[Exercise brief]:
An exact restatement of the data below, with the pictures removed, is the required answer.

** Opening Records supplied block **

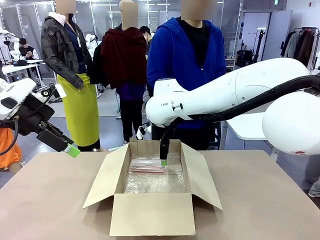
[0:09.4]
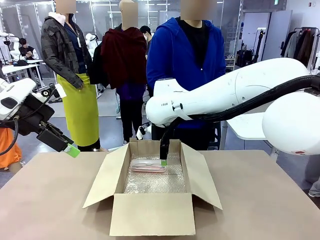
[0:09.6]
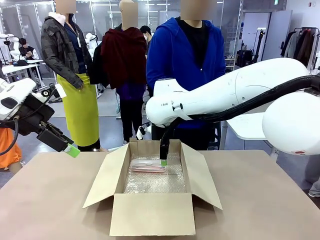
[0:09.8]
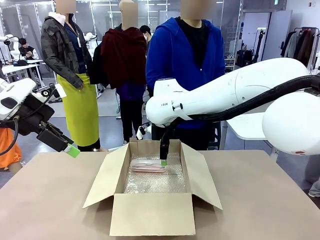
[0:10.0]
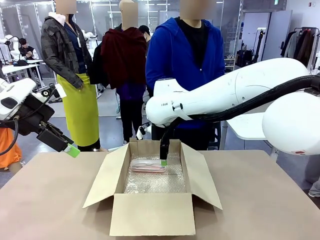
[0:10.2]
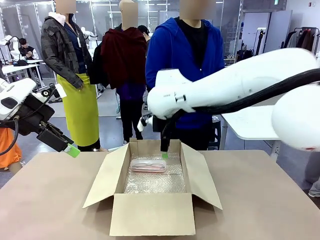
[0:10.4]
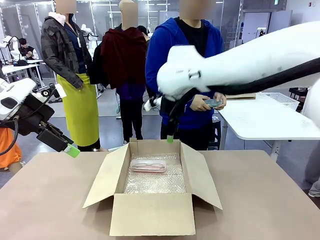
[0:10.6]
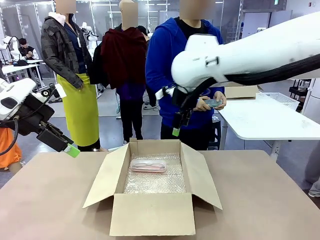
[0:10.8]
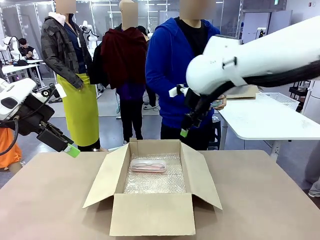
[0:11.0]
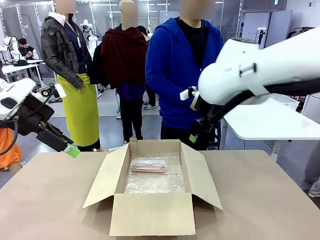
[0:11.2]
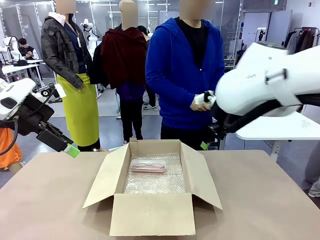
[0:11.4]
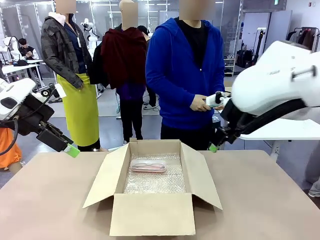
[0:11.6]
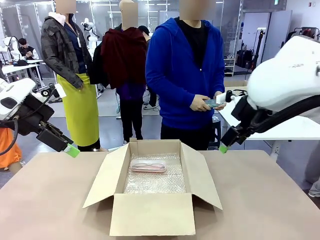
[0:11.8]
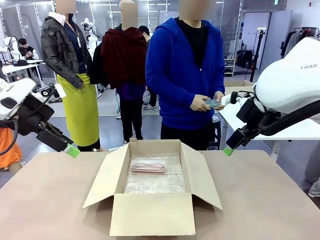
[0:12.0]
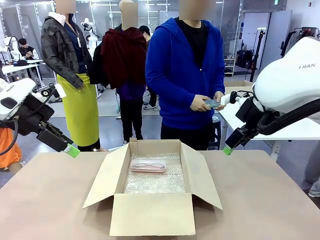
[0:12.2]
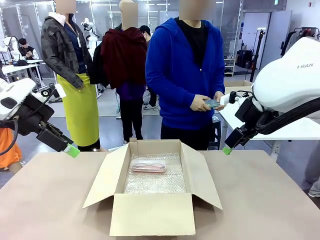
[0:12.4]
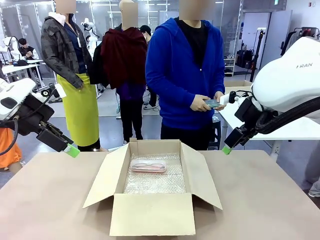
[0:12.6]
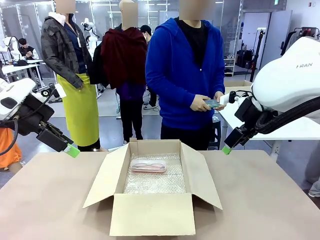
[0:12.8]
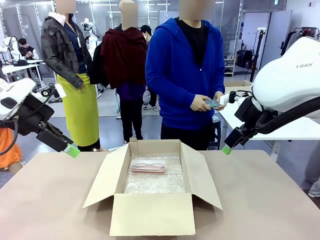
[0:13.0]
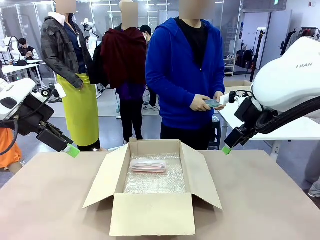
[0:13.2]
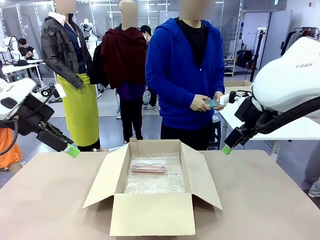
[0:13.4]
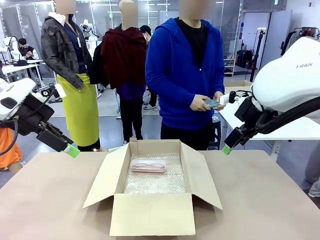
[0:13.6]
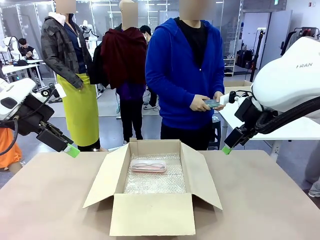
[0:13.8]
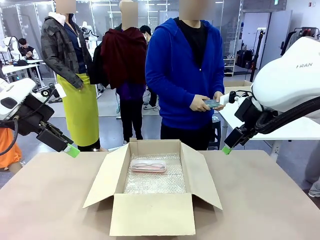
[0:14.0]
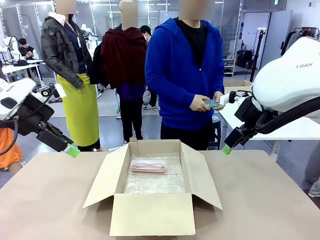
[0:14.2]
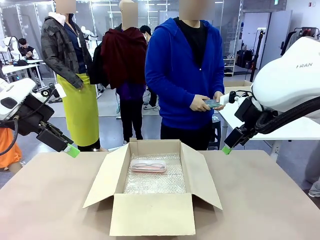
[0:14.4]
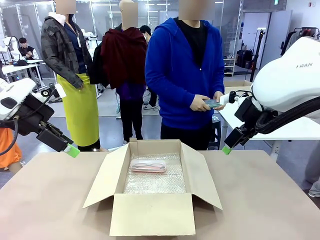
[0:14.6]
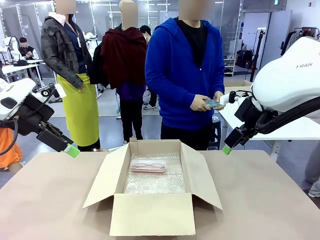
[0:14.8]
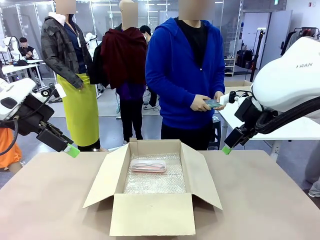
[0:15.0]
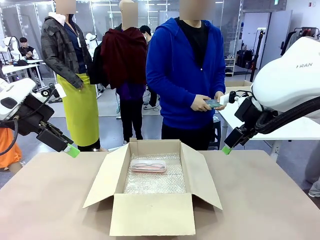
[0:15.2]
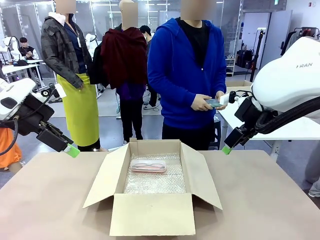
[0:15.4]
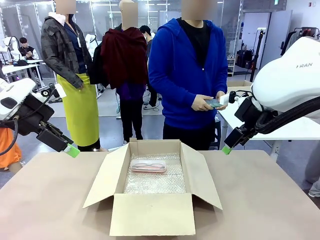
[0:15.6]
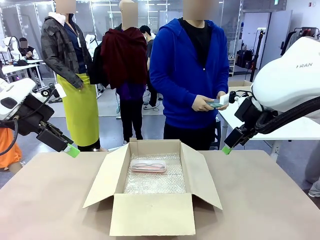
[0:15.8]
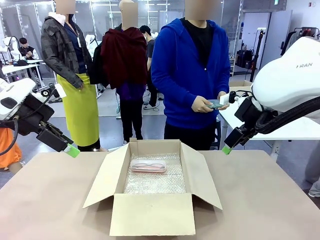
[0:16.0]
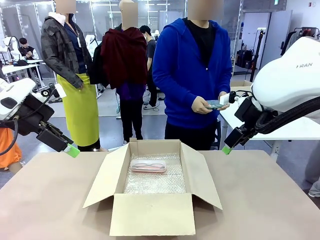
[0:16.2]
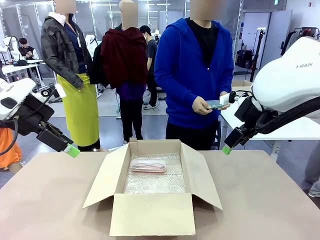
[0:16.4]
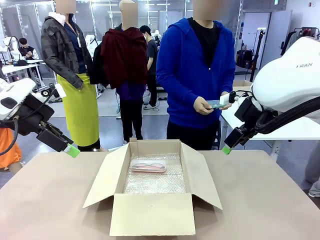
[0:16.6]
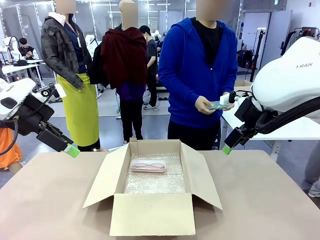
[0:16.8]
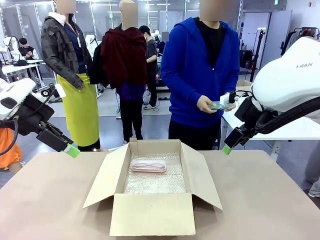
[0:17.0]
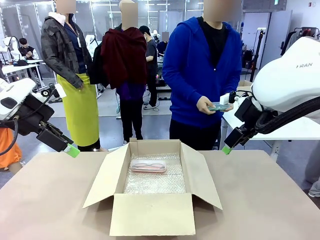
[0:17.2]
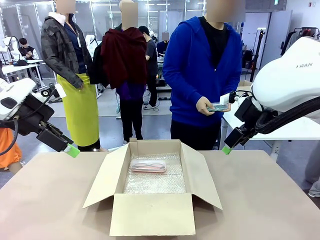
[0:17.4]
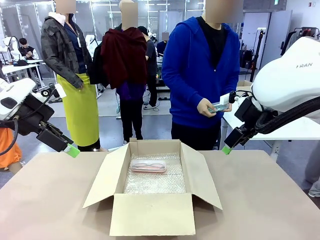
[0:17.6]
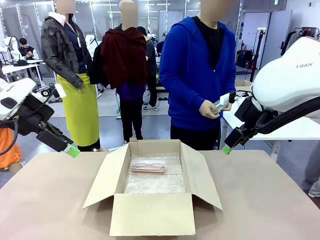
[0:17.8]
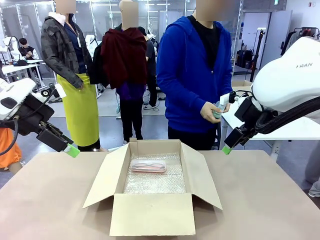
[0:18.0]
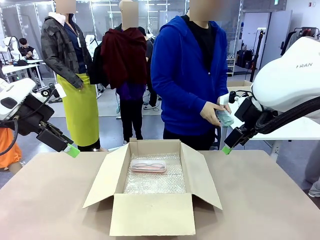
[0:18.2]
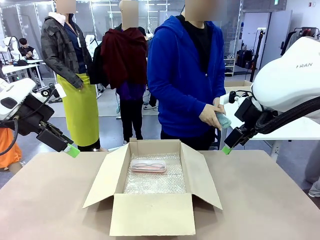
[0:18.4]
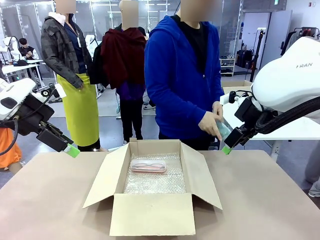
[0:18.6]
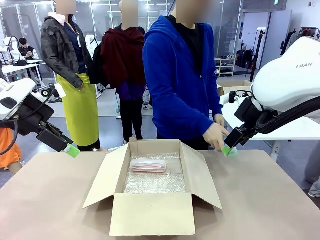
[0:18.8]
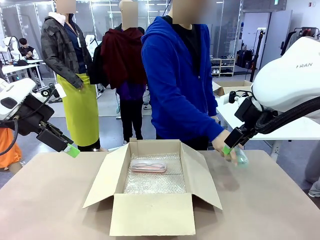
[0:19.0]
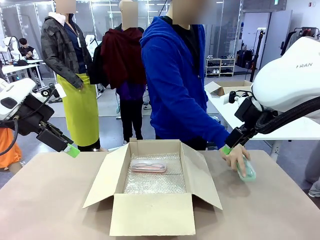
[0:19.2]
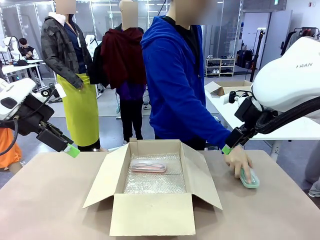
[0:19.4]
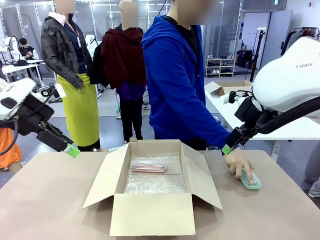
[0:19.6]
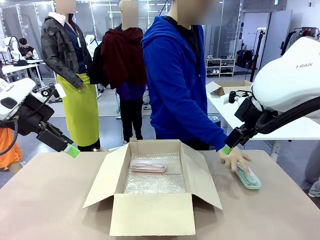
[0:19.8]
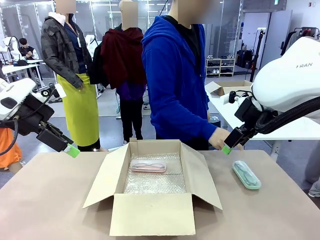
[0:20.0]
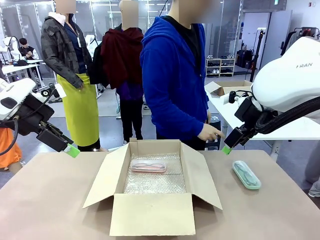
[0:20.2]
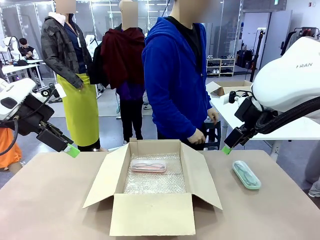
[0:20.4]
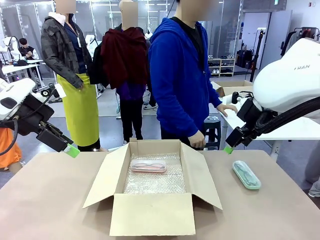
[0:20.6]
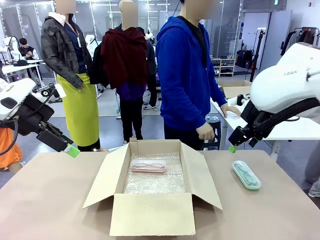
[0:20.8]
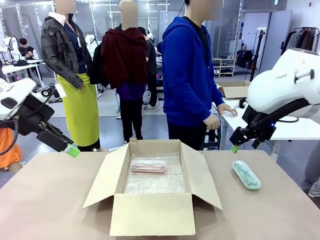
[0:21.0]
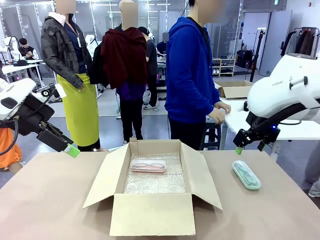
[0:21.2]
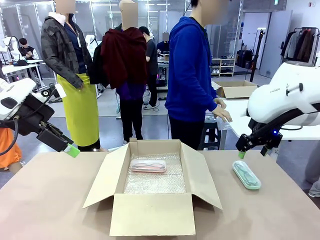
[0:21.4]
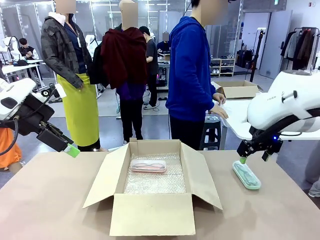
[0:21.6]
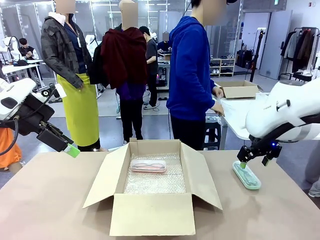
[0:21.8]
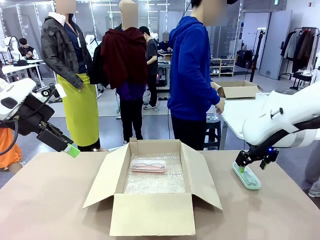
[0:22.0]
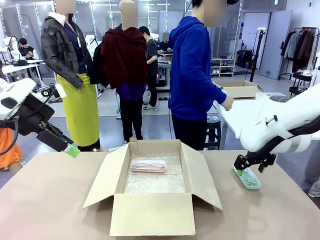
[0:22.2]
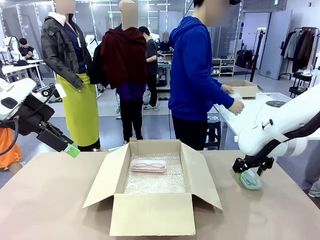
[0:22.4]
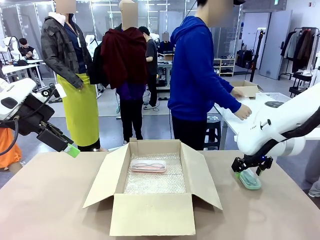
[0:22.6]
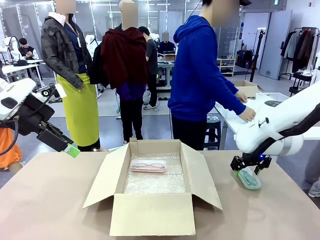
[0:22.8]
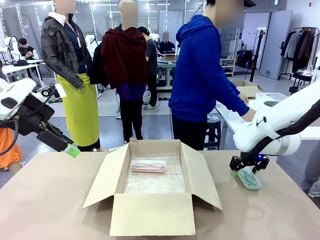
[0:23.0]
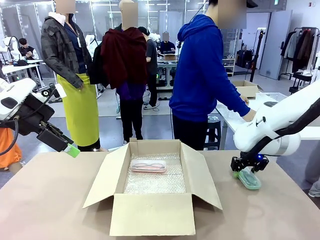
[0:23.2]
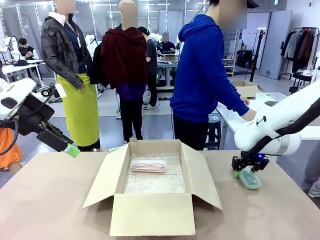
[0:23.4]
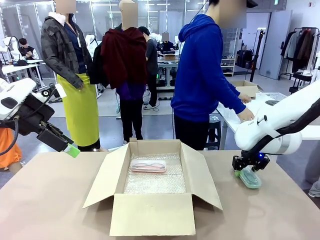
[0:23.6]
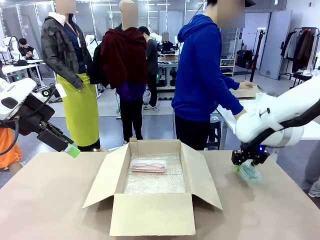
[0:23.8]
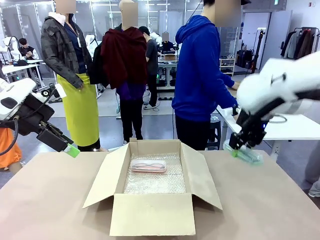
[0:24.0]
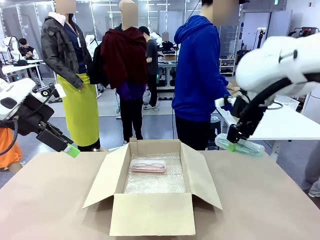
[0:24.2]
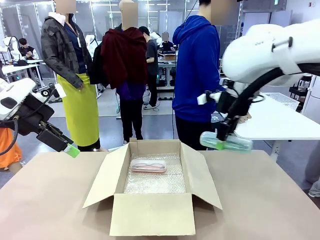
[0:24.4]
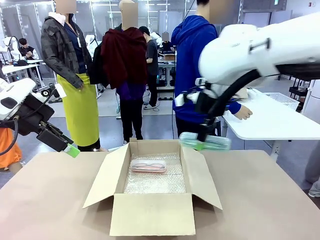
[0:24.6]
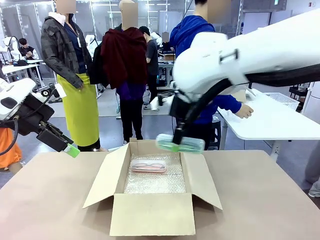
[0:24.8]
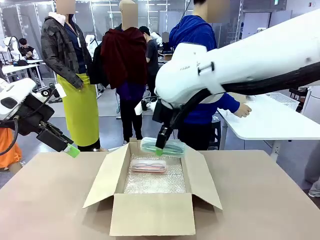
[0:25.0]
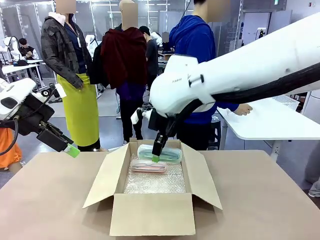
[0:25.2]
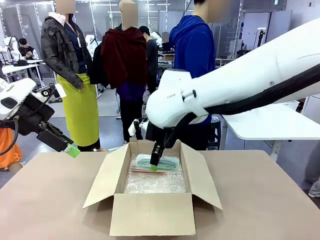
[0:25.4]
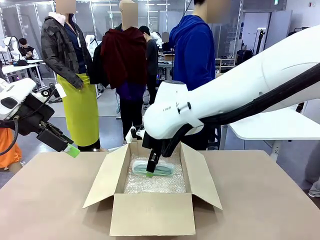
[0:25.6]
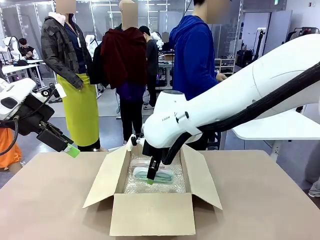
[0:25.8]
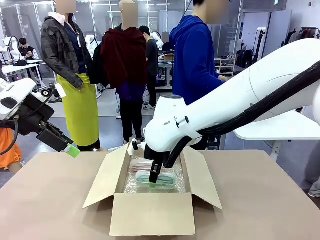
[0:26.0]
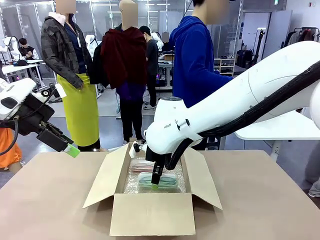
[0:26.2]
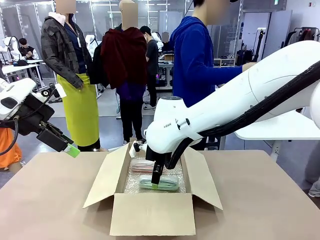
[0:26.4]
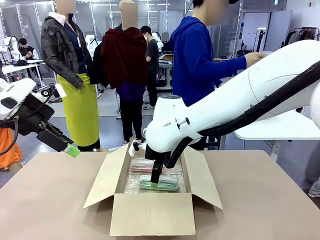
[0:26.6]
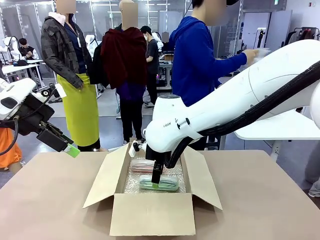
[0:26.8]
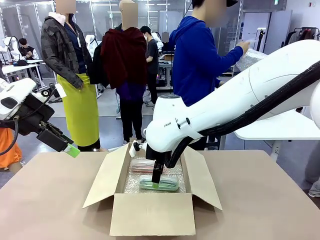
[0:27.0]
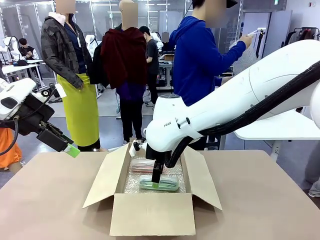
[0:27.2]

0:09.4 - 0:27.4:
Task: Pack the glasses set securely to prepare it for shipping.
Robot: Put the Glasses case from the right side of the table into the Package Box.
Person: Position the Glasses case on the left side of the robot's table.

** Closing Records supplied block **

[Task output]:
[0:09.4]
[0:09.6]
[0:09.8]
[0:10.0]
[0:10.2]
[0:10.4]
[0:10.6]
[0:10.8]
[0:11.0]
[0:11.2]
[0:11.4]
[0:11.6]
[0:11.8]
[0:12.0]
[0:12.2]
[0:12.4]
[0:12.6]
[0:12.8]
[0:13.0]
[0:13.2]
[0:13.4]
[0:13.6]
[0:13.8]
[0:14.0]
[0:14.2]
[0:14.4]
[0:14.6]
[0:14.8]
[0:15.0]
[0:15.2]
[0:15.4]
[0:15.6]
[0:15.8]
[0:16.0]
[0:16.2]
[0:16.4]
[0:16.6]
[0:16.8]
[0:17.0]
[0:17.2]
[0:17.4]
[0:17.6]
[0:17.8]
[0:18.0]
[0:18.2]
[0:18.4]
[0:18.6]
[0:18.8]
[0:19.0]
[0:19.2]
[0:19.4]
[0:19.6]
[0:19.8]
[0:20.0]
[0:20.2]
[0:20.4]
[0:20.6]
[0:20.8]
[0:21.0]
[0:21.2]
[0:21.4]
[0:21.6]
[0:21.8]
[0:22.0]
[0:22.2]
[0:22.4]
[0:22.6]
[0:22.8]
[0:23.0]
[0:23.2]
[0:23.4]
[0:23.6]
[0:23.8]
[0:24.0]
[0:24.2]
[0:24.4]
[0:24.6]
[0:24.8]
[0:25.0]
[0:25.2]
[0:25.4]
[0:25.6]
[0:25.8]
[0:26.0]
[0:26.2]
[0:26.4]
[0:26.6]
[0:26.8]
[0:27.0]
[0:27.2]

0:09.4 - 0:27.4:
Task: Pack the glasses set securely to prepare it for shipping.
Robot: Put the Glasses case from the right side of the table into the Package Box.
Person: Position the Glasses case on the left side of the robot's table.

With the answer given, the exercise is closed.